Task objective: For the word "class", copy every line of the material that includes it.

──────

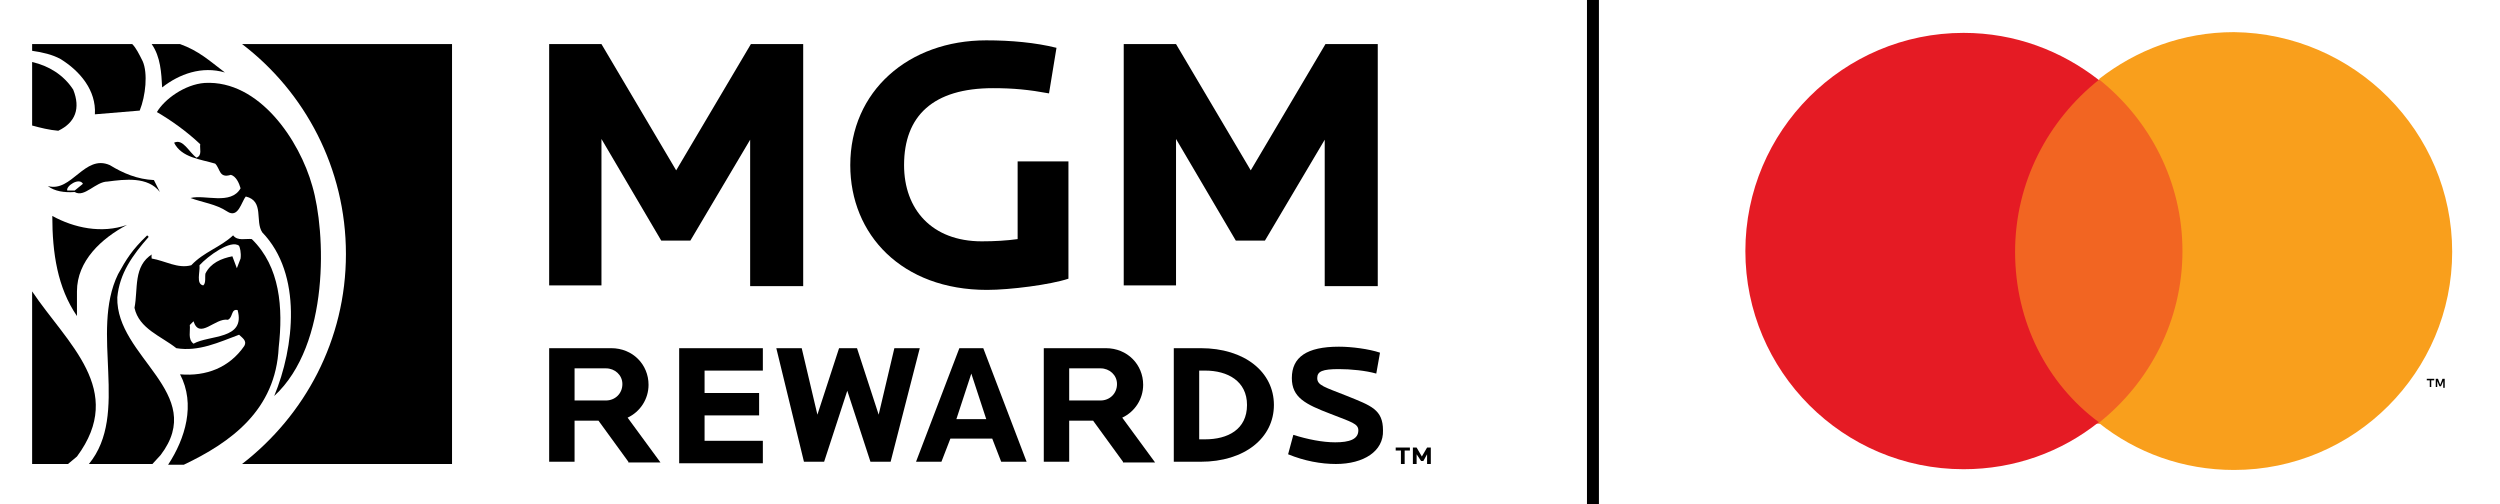 <?xml version="1.0" encoding="utf-8"?>
<!-- Generator: Adobe Illustrator 26.0.1, SVG Export Plug-In . SVG Version: 6.00 Build 0)  -->
<svg version="1.1" id="Layer_1" xmlns="http://www.w3.org/2000/svg" xmlns:xlink="http://www.w3.org/1999/xlink" x="0px" y="0px"
	 viewBox="0 0 334.6 67.5" style="enable-background:new 0 0 334.6 67.5;" xml:space="preserve">
<style type="text/css">
	.st0{fill:#F26522;}
	.st1{fill:#E51B24;}
	.st2{fill:#F99F1C;}
</style>
<g>
	<g>
		<polygon class="st0" points="293.6,56.7 268.1,56.7 268.1,10.7 293.6,10.7 293.6,56.7 		"/>
		<path class="st1" d="M269.7,33.7c0-9.3,4.4-17.6,11.2-23c-5-3.9-11.2-6.3-18.1-6.3c-16.1,0-29.2,13.1-29.2,29.2
			c0,16.1,13.1,29.2,29.2,29.2c6.8,0,13.1-2.3,18.1-6.3C274,51.4,269.7,43.1,269.7,33.7L269.7,33.7z"/>
		<path d="M327.2,51.8v-1.1h-0.3l-0.3,0.8l-0.3-0.8H326v1.1h0.2V51l0.3,0.7h0.2L327,51v0.9H327.2L327.2,51.8z M325.4,51.8v-0.9h0.4
			v-0.2h-1v0.2h0.4v0.9H325.4L325.4,51.8z"/>
		<path class="st2" d="M328.2,33.7c0,16.1-13.1,29.2-29.2,29.2c-6.8,0-13.1-2.3-18.1-6.3c6.8-5.4,11.2-13.7,11.2-23
			s-4.4-17.6-11.2-23c5-3.9,11.2-6.3,18.1-6.3C315.1,4.5,328.2,17.6,328.2,33.7L328.2,33.7z"/>
	</g>
</g>
<rect x="212.4" width="1.6" height="67.5"/>
<g>
	<g>
		<path d="M84.1,61.8l-4-5.5h-3.2v5.5h-3.4V46.6h8.3c2.9,0,5,2.2,5,4.9c0,1.9-1.1,3.6-2.8,4.4l4.4,6H84.1z M81.1,49.3h-4.2v4.3h4.2
			c1.2,0,2.2-0.9,2.2-2.2C83.3,50.2,82.3,49.3,81.1,49.3z"/>
		<path d="M90.9,61.8V46.6h11.2v3h-7.8v3h7.3v3h-7.3v3.4h7.8v3H90.9z"/>
		<path d="M119.2,61.8h-2.7l-3.1-9.5l-3.1,9.5h-2.7l-3.7-15.2h3.4l2.1,8.9l2.9-8.9h2.4l2.9,8.9l2.1-8.9h3.4L119.2,61.8z"/>
		<path d="M134,61.8l-1.2-3.1h-5.6l-1.2,3.1h-3.4l5.8-15.2h3.2l5.8,15.2H134z M130,50l-2,6.1h4L130,50z"/>
		<path d="M150.3,61.8l-4-5.5h-3.2v5.5h-3.4V46.6h8.3c2.9,0,5,2.2,5,4.9c0,1.9-1.1,3.6-2.8,4.4l4.4,6H150.3z M147.3,49.3h-4.2v4.3
			h4.2c1.2,0,2.2-0.9,2.2-2.2C149.5,50.2,148.5,49.3,147.3,49.3z"/>
		<path d="M160.7,61.8h-3.6V46.6h3.6c5.9,0,9.8,3.2,9.8,7.6S166.6,61.8,160.7,61.8z M161.3,49.6h-0.8v9.2h0.8c3,0,5.6-1.3,5.6-4.6
			C166.9,51,164.3,49.6,161.3,49.6z"/>
		<path d="M178.8,62.1c-2,0-4.2-0.4-6.4-1.3l0.7-2.6c1.9,0.6,3.9,1,5.6,1c1.9,0,3.1-0.4,3.1-1.6c0-0.9-0.9-1.1-3.7-2.2
			c-3.4-1.3-5.2-2.2-5.2-4.8c0-2.8,2-4.2,6.3-4.2c1.7,0,4,0.3,5.5,0.8l-0.5,2.8c-1.4-0.4-3.4-0.6-5-0.6c-2.2,0-2.9,0.3-2.9,1.2
			c0,1,1,1.2,4,2.4c3.2,1.3,4.8,1.8,4.8,4.6C185.2,60.4,182.5,62.1,178.8,62.1z"/>
	</g>
	<g>
		<path d="M100.4,38.3V18.7l-8,13.5h-3.9l-8-13.6v19.6h-7V5.9h7l10,16.9l10-16.9h7v32.4H100.4z"/>
		<path d="M132.1,38.8c-11.4,0-18.3-7.4-18.3-16.7c0-9.9,7.8-16.7,18.2-16.7c3.3,0,6.6,0.3,9.4,1l-1,6.1c-2.7-0.5-4.8-0.7-7.5-0.7
			c-8,0-11.9,3.7-11.9,10.3c0,5.9,3.7,10.2,10.4,10.2c1.7,0,3.4-0.1,4.8-0.3V21.6h6.8v15.7C140.6,38.1,135.2,38.8,132.1,38.8z"/>
		<path d="M177.3,38.3V18.7l-8,13.5h-3.9l-8-13.6v19.6h-7V5.9h7l10,16.9l10-16.9h7v32.4H177.3z"/>
	</g>
	<g>
		<g>
			<path d="M7,28.9c0,5,0.7,9.6,3.3,13.4v-3.3c0-4.1,3.3-7.1,6.7-8.9C13.6,31.3,9.9,30.5,7,28.9z"/>
			<path d="M6.4,24.9c0.9,0.7,2.2,0.9,3.6,0.8c1.3,0.8,2.8-1.4,4.4-1.4c2.3-0.3,5.4-0.7,7,1.4l-0.8-1.6c-2.2-0.1-4.1-0.9-5.9-2
				C11.3,20.6,9.6,25.8,6.4,24.9z M10,25.5H9c-0.2-0.6,1.6-1.8,2.1-0.9L10,25.5z"/>
			<path d="M4.3,16.8c1.1,0.3,2.3,0.6,3.5,0.7c2.3-1.1,3-3,2-5.5c-1.3-2-3.3-3.2-5.5-3.7V16.8z"/>
			<path d="M20.4,62.1c0.4-0.4,0.7-0.8,1.1-1.2c6.3-8.3-6-13.1-5.8-21.1c0.3-3.2,2-5.6,4.2-8.1l-0.2-0.2c-2,1.9-2.8,3.2-3.9,5.2
				c-3.8,7.8,1.6,18.7-3.9,25.4H20.4z"/>
			<path d="M46.3,34c0,11.5-5.5,21.6-13.9,28.1h28.1V5.9H32.4C40.8,12.3,46.3,22.5,46.3,34z"/>
			<path d="M4.3,62.1h4.8l1.2-1c6.6-8.9-1.3-15.1-6-22.1V62.1z"/>
			<path d="M17.7,5.9H4.3v0.9C5.7,7,7,7.3,8.1,7.9c2.6,1.6,4.8,4.2,4.6,7.4l6-0.5c0.8-2,1.1-5,0.4-6.6C18.6,7.2,18.2,6.4,17.7,5.9z"
				/>
			<path d="M20.3,5.9c1.2,1.7,1.3,3.9,1.4,5.8c2.3-1.8,5.3-2.9,8.4-2c-2.1-1.6-3.5-2.9-6-3.8H20.3z"/>
			<path d="M37.3,46.5c0.6-5.3,0.2-10.8-3.6-14.5c-0.8-0.1-1.9,0.3-2.5-0.5c-1.7,1.6-3.9,2.2-5.6,4c-1.8,0.5-3.5-0.6-5.3-0.9
				c0-0.2-0.1-0.5,0.1-0.6c-2.6,1.6-1.9,4.7-2.4,7.2c0.6,2.8,3.6,3.8,5.6,5.4c3,0.5,5.7-0.8,8.4-1.8c0.4,0.4,1.1,0.8,0.7,1.5
				c-2,2.9-5.1,4.1-8.6,3.8c2.1,4,0.7,8.6-1.6,12.1h2.1C30.9,59.2,36.9,54.9,37.3,46.5z M25.9,46c-0.8-0.6-0.4-1.7-0.5-2.5l0.5-0.5
				c0.8,2.5,2.9-0.5,4.6-0.2c0.7-0.3,0.4-1.5,1.3-1.3C32.9,45.5,28,44.8,25.9,46z M32.2,34.6l-0.5,1.3l-0.6-1.6
				c-1.5,0.3-2.9,0.9-3.6,2.3c-0.1,0.4,0.1,1.3-0.3,1.6c-1-0.2-0.4-1.8-0.5-2.7c1.1-1.2,4.2-3.5,5.3-2.6
				C32.1,33.1,32.3,33.8,32.2,34.6z"/>
			<path d="M41.8,24.9c-1.7-6.1-7.1-14.2-14.4-13.8C24.7,11.3,22,13.3,21,15c1.9,1.1,4,2.6,5.8,4.3c-0.1,0.6,0.3,1.5-0.5,1.8
				c-1-0.7-1.8-2.6-3-2c1,2,3.5,2.2,5.5,2.8c0.7,0.7,0.5,2,2.1,1.5c0.7,0.2,1.1,1.1,1.3,1.8c-1.3,2.3-4.8,0.8-6.7,1.3
				c1.6,0.6,3.4,0.8,4.9,1.8c1.5,1,1.9-1.3,2.5-2c2.5,0.6,1.2,3.3,2.2,4.8c5.4,5.6,4.3,15.4,1.6,21.9C44.2,46.1,43.6,31,41.8,24.9z"
				/>
		</g>
	</g>
	<g>
		<path d="M188,60.3v1.8h-0.5v-1.8h-0.7v-0.4h1.9v0.4H188z M191,62.1v-1.3l-0.5,0.9h-0.3l-0.6-0.9v1.3h-0.5v-2.2h0.5l0.7,1.2
			l0.7-1.2h0.5v2.2H191z"/>
	</g>
</g>
</svg>

──────

Task answer:
		<polygon class="st0" points="293.6,56.7 268.1,56.7 268.1,10.7 293.6,10.7 293.6,56.7 		"/>
		<path class="st1" d="M269.7,33.7c0-9.3,4.4-17.6,11.2-23c-5-3.9-11.2-6.3-18.1-6.3c-16.1,0-29.2,13.1-29.2,29.2
		<path class="st2" d="M328.2,33.7c0,16.1-13.1,29.2-29.2,29.2c-6.8,0-13.1-2.3-18.1-6.3c6.8-5.4,11.2-13.7,11.2-23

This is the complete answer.